In the material below, list every line carrying the string "view".
####################
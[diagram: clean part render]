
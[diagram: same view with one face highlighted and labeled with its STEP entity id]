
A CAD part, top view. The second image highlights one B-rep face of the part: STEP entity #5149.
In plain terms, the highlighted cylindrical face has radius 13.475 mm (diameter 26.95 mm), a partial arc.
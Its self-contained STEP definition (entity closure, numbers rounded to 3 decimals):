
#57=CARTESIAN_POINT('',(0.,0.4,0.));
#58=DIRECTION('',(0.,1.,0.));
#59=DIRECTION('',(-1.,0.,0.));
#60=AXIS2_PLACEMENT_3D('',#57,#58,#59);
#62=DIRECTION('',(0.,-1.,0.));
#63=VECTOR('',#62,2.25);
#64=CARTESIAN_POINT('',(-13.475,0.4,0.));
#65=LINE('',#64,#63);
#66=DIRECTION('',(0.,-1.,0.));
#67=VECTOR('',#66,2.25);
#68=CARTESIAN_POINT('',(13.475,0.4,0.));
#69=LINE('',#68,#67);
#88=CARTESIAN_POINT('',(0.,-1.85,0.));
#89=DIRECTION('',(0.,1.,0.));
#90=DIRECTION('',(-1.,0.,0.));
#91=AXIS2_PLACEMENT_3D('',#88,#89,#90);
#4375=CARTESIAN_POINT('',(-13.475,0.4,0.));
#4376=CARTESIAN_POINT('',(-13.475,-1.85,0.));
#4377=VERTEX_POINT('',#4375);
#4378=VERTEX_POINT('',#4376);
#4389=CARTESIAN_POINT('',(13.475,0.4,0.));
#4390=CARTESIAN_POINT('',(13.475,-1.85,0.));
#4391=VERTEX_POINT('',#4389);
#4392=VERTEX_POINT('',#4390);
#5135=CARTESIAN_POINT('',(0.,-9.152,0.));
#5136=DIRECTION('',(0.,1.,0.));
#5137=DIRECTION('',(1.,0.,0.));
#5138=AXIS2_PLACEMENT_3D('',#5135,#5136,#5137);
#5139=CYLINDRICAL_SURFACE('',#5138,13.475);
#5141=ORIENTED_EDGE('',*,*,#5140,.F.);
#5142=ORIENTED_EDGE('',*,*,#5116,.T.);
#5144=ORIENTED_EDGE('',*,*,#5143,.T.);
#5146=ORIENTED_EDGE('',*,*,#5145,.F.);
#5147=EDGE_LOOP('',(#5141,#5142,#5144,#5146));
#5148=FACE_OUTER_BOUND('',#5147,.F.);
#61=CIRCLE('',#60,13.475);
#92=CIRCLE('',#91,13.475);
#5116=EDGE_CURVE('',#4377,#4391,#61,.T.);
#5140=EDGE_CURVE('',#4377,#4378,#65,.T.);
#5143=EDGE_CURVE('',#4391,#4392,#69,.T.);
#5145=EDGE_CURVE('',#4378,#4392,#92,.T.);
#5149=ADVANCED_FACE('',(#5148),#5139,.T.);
####################
» Task output
[diagram: same view with one face highlighted and labeled with its STEP entity id]
A CAD part, top view. The second image highlights one B-rep face of the part: STEP entity #5149.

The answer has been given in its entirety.